GigaAM: the family of open-source acoustic models for speech processing

Latest News

2025/11 — GigaAM-v3: 30% WER reduction on new data domains; GigaAM-v3-e2e: end-to-end transcription support (70:30 win in Side-by-Side vs Whisper-large-v3)
2025/06 — Our research paper on GigaAM was accepted to InterSpeech 2025!
2024/12 — MIT License, GigaAM-v2 (-15% and -12% WER Reduction for CTC and RNN-T models, respectively), ONNX export support
2024/05 — GigaAM-RNNT (-19% WER Reduction), long-form inference using external Voice Activity Detection
2024/04 — GigaAM Release: GigaAM-CTC (SoTA Speech Recognition model for the Russian language), GigaAM-Emo

Setup

Requirements

Python ≥ 3.10
ffmpeg installed and added to your system's PATH

Install the GigaAM Package

# Clone the repository
git clone https://github.com/salute-developers/GigaAM.git
cd GigaAM

# Install the package requirements
pip install -e .[torch]

# (optionally) Verify the installation:
pip install -e ".[tests]"
pytest -v tests/test_loading.py -m partial  # or `-m full` to test all models

GigaAM overview

GigaAM is a Conformer-based foundational model (220-240M parameters) pre-trained on diverse Russian speech data. It serves as the backbone for the entire GigaAM family, enabling state-of-the-art fine-tuned performance in speech recognition and emotion recognition. More information about GigaAM-v1 can be found in our post on Habr. We fine-tuned the GigaAM encoder for ASR using CTC and RNNT decoders. GigaAM family includes three lines of models

	Pretrain Method	Pretrain (hours)	ASR (hours)	Available Versions
v1	Wav2vec 2.0	50,000	2,000	`v1_ssl`, `emo`, `v1_ctc`, `v1_rnnt`
v2	HuBERT–CTC	50,000	2,000	`v2_ssl`, `v2_ctc`, `v2_rnnt`
v3	HuBERT–CTC	700,000	4,000	`v3_ssl`, `v3_ctc`, `v3_rnnt`, `v3_e2e_ctc`, `v3_e2e_rnnt`

Where v3_e2e_ctc and v3_e2e_rnnt support punctuation and text normalization.

Model Performance

GigaAM-v3 training incorporates new internal datasets: callcenter, music, speech with atypical characteristics, and voice messages. As a result, the models perform on average 30% better on these new domains while maintaining the same quality as GigaAM-v2 on public benchmarks. In end-to-end ASR comparisons of e2e_ctc and e2e_rnnt against Whisper (judged via independent LLM-as-a-Judge side-by-side) GigaAM models win by an average margin of 70:30. Our emotion recognition model GigaAM-Emo outperforms existing models by 15% Macro F1-Score.
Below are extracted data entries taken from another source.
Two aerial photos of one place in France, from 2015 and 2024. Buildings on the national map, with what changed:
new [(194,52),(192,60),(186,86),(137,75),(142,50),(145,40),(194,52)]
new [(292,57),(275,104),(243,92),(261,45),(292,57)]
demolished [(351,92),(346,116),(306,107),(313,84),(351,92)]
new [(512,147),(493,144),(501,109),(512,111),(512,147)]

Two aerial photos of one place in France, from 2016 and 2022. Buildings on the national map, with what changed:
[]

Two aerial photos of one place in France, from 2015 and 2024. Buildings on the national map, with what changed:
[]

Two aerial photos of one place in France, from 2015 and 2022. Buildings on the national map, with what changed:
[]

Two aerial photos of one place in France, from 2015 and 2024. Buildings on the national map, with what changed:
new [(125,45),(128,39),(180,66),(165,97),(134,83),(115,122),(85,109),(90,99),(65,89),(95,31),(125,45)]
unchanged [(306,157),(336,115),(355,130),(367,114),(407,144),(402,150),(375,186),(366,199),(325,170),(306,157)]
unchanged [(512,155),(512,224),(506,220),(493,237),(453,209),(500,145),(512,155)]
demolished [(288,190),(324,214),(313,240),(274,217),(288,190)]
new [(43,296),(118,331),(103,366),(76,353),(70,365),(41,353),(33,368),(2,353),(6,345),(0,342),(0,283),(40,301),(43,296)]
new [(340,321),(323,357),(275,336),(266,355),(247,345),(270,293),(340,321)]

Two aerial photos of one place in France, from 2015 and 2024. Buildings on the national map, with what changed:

For detailed results, see here.

Usage

Model inference

Note: ASR with .transcribe function is applicable for audio only up to 25 seconds. To enable .transcribe_longform install the additional pyannote.audio dependencies

Longform setup instruction

Generate Hugging Face API token
Accept the conditions to access pyannote/segmentation-3.0 files and content

pip install -e ".[longform]"
# optionally run longform testing
pip install -e ".[tests]"
HF_TOKEN=<your hf token> pytest -v tests/test_longform.py

import gigaam

# Load test audio
audio_path = gigaam.utils.download_short_audio()
long_audio_path = gigaam.utils.download_long_audio()

# Audio embeddings
model_name = "v3_ssl"       # Options: `v1_ssl`, `v2_ssl`, `v3_ssl`
model = gigaam.load_model(model_name)
embedding, _ = model.embed_audio(audio_path)
print(embedding)

# ASR
model_name = "v3_e2e_rnnt"  # Options: any model version with suffix `_ctc` or `_rnnt`
model = gigaam.load_model(model_name)
transcription = model.transcribe(audio_path)
print(transcription)

# ASR with word-level timestamps
result = model.transcribe(audio_path, word_timestamps=True)
for word in result.words:
    print(f"  [{word.start:.2f} - {word.end:.2f}] {word.text}")

# and long-form ASR
import os
os.environ["HF_TOKEN"] = <HF_TOKEN with read access to "pyannote/segmentation-3.0">
result = model.transcribe_longform(long_audio_path)
for segment in result:
   print(f"[{gigaam.format_time(segment.start)} - {gigaam.format_time(segment.end)}]: {segment.text}")

# Emotion recognition
model = gigaam.load_model("emo")
emotion2prob = model.get_probs(audio_path)
print(", ".join([f"{emotion}: {prob:.3f}" for emotion, prob in emotion2prob.items()]))

Loading from Hugging Face

Note: Install requirements from the example.

from transformers import AutoModel

model = AutoModel.from_pretrained("ai-sage/GigaAM-v3", revision="e2e_rnnt", trust_remote_code=True)

ONNX Export and Inference

Note: GPU support can be enabled with pip install onnxruntime-gpu==1.23.* if applicable.

Export the model to ONNX using the model.to_onnx method:

onnx_dir = "onnx"
model_version = "v3_ctc"  # Options: any version

model = gigaam.load_model(model_version)
model.to_onnx(dir_path=onnx_dir)

Run ONNX inference:

from gigaam.onnx_utils import load_onnx, infer_onnx

sessions, model_cfg = load_onnx(onnx_dir, model_version)
result = infer_onnx(audio_path, model_cfg, sessions)
print(result)  # string for ctc / rnnt, np.ndarray for ssl / emo

These and more advanced (e.g. custom audio loading, batching) examples can be found in the Colab notebook.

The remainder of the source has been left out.